#### EXERCISE DIRECTIONS
Copy every line from the records that holds the word "Other".

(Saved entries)
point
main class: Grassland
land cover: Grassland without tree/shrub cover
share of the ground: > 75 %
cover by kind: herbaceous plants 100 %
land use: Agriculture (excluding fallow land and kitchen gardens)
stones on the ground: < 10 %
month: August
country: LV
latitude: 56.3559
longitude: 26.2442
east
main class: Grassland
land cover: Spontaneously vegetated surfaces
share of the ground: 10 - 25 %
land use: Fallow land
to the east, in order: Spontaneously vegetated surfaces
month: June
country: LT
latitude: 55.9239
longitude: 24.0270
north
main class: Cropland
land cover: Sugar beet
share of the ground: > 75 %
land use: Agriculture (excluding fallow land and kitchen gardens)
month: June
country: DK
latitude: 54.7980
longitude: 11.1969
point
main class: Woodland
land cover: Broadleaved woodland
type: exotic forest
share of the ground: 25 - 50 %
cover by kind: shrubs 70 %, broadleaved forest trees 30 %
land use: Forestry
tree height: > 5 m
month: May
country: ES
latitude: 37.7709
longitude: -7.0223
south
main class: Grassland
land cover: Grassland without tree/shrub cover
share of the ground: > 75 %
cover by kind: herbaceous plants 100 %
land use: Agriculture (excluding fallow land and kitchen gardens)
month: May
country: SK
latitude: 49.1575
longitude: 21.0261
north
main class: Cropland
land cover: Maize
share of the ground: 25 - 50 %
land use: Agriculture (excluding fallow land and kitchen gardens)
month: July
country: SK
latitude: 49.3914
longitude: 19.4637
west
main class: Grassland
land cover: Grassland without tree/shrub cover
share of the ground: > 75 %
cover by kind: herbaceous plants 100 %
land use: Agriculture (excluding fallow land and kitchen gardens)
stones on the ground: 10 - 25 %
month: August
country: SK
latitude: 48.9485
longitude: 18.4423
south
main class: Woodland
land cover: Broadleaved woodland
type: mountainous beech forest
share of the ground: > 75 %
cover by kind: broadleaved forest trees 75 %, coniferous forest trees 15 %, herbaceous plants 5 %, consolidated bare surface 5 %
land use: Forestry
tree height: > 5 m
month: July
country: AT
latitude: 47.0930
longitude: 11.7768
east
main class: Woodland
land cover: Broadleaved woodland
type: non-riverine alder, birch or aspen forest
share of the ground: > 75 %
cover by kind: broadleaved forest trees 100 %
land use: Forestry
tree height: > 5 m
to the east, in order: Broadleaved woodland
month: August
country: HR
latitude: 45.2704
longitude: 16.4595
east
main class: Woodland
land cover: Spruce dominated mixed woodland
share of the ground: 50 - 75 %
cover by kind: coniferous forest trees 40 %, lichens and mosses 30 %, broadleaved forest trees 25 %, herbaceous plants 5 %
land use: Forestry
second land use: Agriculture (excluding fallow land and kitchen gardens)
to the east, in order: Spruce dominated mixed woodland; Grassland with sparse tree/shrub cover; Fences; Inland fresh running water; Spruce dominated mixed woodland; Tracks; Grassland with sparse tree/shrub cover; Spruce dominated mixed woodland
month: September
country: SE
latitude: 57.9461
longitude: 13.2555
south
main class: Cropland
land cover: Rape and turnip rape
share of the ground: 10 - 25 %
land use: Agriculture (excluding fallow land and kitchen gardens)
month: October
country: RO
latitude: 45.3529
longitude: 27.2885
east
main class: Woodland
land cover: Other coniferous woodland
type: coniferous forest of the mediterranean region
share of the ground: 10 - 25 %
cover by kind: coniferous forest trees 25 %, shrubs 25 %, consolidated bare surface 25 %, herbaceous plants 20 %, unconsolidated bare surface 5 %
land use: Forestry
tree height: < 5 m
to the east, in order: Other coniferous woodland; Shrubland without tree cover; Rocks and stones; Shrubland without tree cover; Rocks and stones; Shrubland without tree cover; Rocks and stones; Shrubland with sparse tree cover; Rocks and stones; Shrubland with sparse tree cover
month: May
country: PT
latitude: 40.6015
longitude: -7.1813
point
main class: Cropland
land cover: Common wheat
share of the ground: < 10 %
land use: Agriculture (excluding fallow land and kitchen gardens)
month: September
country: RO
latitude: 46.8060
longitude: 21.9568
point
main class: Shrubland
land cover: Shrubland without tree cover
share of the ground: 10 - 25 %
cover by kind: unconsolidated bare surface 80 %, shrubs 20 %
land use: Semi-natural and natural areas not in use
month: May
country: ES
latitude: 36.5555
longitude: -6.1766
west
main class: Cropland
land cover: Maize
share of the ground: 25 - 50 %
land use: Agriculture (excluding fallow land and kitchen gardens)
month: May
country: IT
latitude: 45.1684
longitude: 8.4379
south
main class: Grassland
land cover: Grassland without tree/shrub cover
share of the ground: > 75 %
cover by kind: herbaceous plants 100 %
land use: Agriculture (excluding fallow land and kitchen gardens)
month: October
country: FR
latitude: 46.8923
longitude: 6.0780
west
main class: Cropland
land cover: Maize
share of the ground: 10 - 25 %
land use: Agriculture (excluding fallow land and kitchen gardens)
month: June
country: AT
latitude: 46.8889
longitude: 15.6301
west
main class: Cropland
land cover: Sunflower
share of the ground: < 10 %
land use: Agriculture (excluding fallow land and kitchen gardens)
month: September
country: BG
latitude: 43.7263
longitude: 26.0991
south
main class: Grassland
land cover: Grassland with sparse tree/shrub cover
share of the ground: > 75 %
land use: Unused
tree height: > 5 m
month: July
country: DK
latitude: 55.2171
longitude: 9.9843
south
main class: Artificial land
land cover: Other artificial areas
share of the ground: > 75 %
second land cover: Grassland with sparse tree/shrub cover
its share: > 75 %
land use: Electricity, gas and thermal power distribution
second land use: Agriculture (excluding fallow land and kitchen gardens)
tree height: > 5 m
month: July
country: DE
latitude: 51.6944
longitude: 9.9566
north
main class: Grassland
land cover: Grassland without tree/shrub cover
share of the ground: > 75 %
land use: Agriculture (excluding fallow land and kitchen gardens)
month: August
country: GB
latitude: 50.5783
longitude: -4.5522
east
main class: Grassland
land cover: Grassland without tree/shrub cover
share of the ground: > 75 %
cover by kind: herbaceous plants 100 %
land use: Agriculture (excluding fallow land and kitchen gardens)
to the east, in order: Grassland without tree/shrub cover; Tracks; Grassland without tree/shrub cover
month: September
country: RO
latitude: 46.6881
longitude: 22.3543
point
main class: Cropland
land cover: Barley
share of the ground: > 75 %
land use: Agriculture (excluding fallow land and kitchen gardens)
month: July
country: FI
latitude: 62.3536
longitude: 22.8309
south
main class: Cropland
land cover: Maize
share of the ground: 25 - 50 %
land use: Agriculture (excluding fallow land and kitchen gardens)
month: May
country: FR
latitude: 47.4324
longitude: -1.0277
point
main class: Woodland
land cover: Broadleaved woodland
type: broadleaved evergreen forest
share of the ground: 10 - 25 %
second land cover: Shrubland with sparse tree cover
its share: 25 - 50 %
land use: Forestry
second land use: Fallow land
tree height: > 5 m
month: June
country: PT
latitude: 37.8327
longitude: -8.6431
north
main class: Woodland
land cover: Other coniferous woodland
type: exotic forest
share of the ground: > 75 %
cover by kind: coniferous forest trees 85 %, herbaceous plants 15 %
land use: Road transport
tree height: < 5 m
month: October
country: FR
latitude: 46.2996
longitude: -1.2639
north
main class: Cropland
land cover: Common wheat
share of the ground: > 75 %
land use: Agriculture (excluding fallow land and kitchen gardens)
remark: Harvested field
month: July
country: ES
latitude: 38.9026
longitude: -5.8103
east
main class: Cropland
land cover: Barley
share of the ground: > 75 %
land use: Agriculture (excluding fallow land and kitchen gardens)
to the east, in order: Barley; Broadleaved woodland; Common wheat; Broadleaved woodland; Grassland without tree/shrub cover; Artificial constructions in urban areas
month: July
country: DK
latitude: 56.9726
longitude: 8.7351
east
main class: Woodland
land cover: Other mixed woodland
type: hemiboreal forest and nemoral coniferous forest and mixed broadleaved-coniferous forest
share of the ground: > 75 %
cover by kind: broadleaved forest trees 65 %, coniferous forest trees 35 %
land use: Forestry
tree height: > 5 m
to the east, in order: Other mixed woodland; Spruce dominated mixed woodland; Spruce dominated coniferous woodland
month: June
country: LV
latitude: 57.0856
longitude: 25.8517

#### SOLVED PROBLEM
land cover: Other coniferous woodland
to the east, in order: Other coniferous woodland; Shrubland without tree cover; Rocks and stones; Shrubland without tree cover; Rocks and stones; Shrubland without tree cover; Rocks and stones; Shrubland with sparse tree cover; Rocks and stones; Shrubland with sparse tree cover
land cover: Other artificial areas
land cover: Other coniferous woodland
land cover: Other mixed woodland
to the east, in order: Other mixed woodland; Spruce dominated mixed woodland; Spruce dominated coniferous woodland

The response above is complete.